Santi reached for another piece of chocolate and then he was gone, running across the settlement toward the beach. In the dark his body was barely visible. He found a high rock and from there he lifted his hands to form an imaginary spyglass, which he swiveled out toward the blinking lights of the vessel.

—They work on the farms and in the mines, Bia said,
looking out at the settlement and the beach fire. There are also fishermen and factory workers.

Then she took his hand and smoothed his palm. She placed his hand on her lap, looked down, studied it. He saw a clarity in her eyes. With her index finger she traced the line that curved around the base of his thumb. The warmth of her skin surprised him.

—You are going to live for a very long time, she said. There’s a split, however. You will come upon a great obstacle. You will go around it, see, where it forks near your wrist. It is your character. To go around. For a moment, here—she tapped his skin—you will live a different life.

She spoke slowly so that he would understand. It was the first time she had spoken more than a few words to him. It seemed that she had described both a life sometime in the future and one he had already lived.

He wanted her to go on, wanted her to continue speaking, to be surrounded by her voice, but she raised her eyes and he looked up to see the juggler leaning over them with a curious expression.

Then the juggler frowned and tightened his mouth, brought a finger to his lips, and snatched Bia’s hat. All
this while still blindfolded and without dropping a single thing.
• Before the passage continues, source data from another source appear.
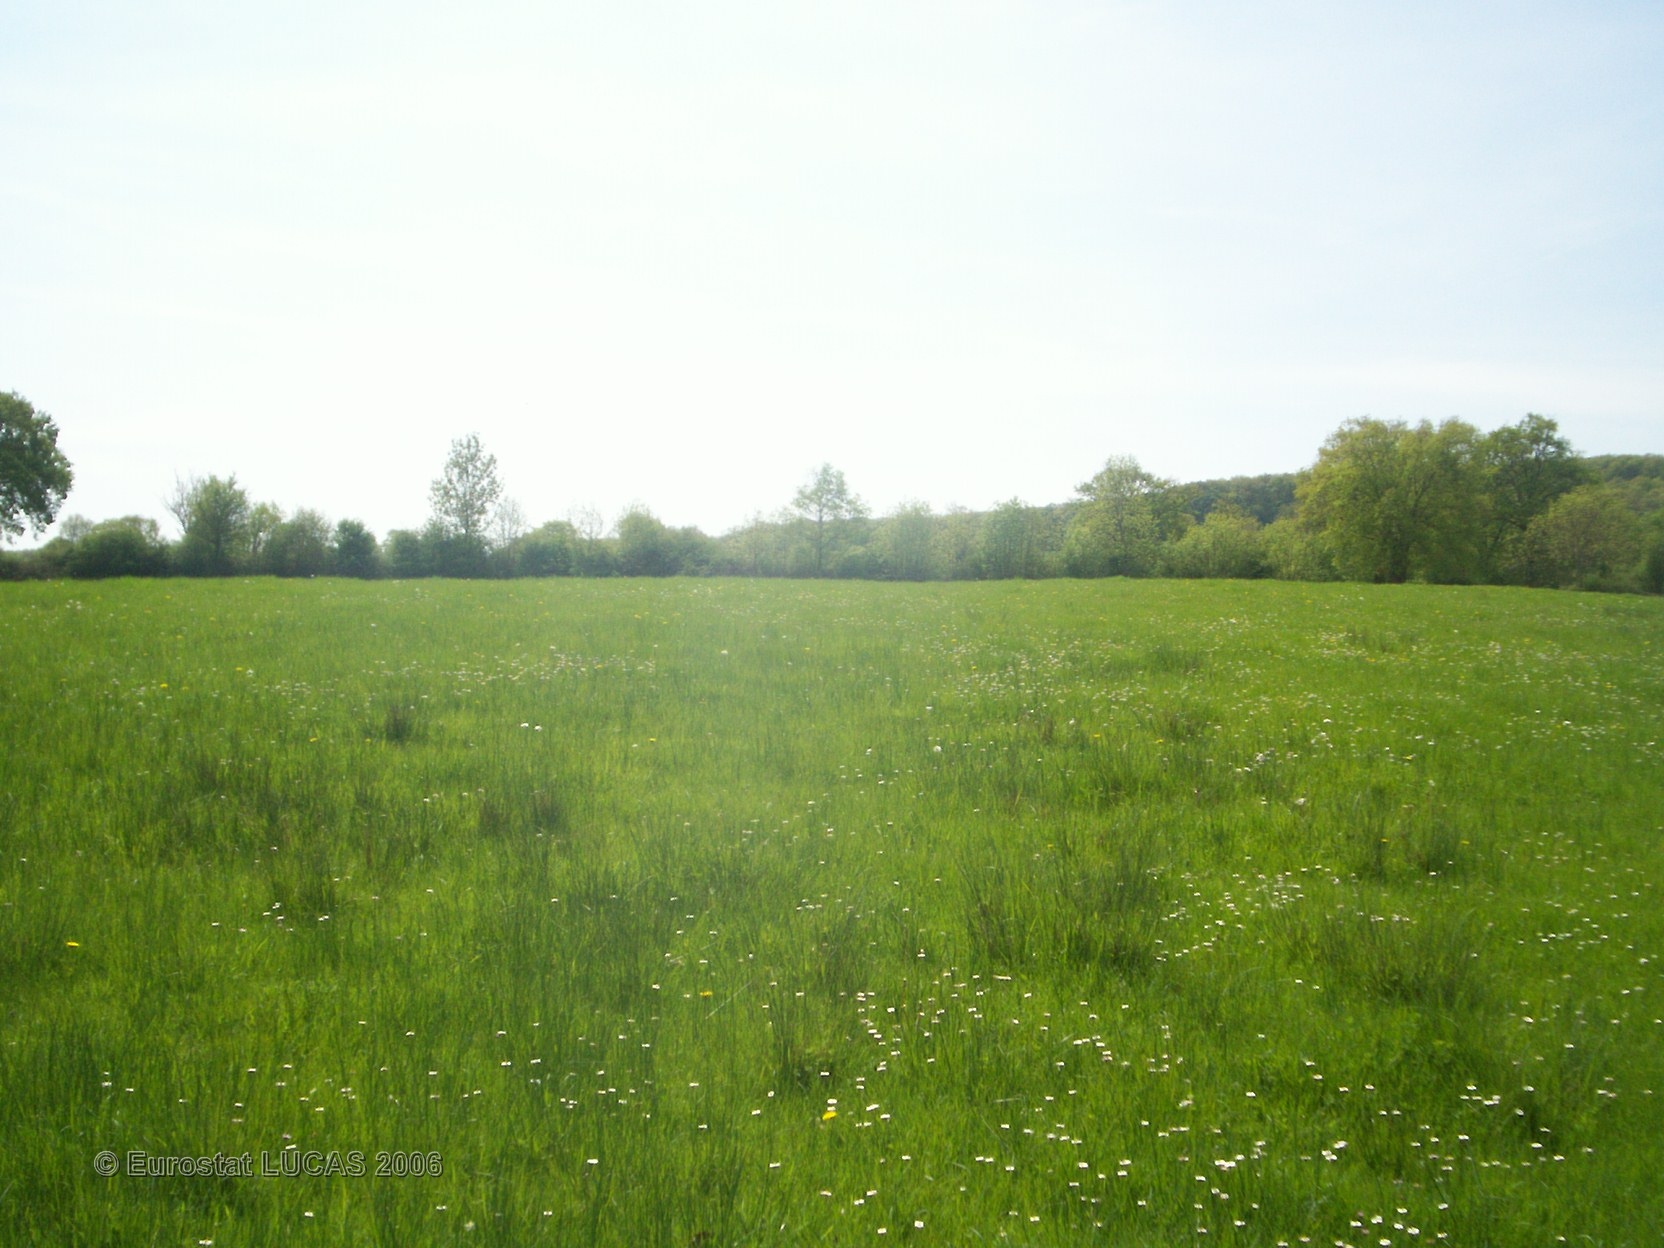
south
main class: Grassland
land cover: Grassland with sparse tree/shrub cover
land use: Agriculture (excluding fallow land and kitchen gardens)
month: May
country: FR
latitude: 46.5276
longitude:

Bia, blushing, dropped Yohan’s hand. They both returned to watching the blindfolded juggler, who was now walking in circles with the shoes and the hat aloft, sometimes running and bending his body.

The children cheered. An airplane appeared behind the mountain range. Clothes were collected from the tree and some more were placed there. Smoke from the fire rose above the field.

The night grew colder. He watched the girl’s hat rise and fall, its brim spinning in the air.

Santi was still standing on the high rock. Yohan followed the boy’s gaze out toward the blinking water. He waited, though what he was waiting for he was no longer sure of. His legs grew heavy, he felt his palms settle into the grass, and he imagined himself sinking, his body falling into the earth until the sea claimed him and there was nothing left, no evidence of him.

He wondered who would notice his vanishing, who would miss him then.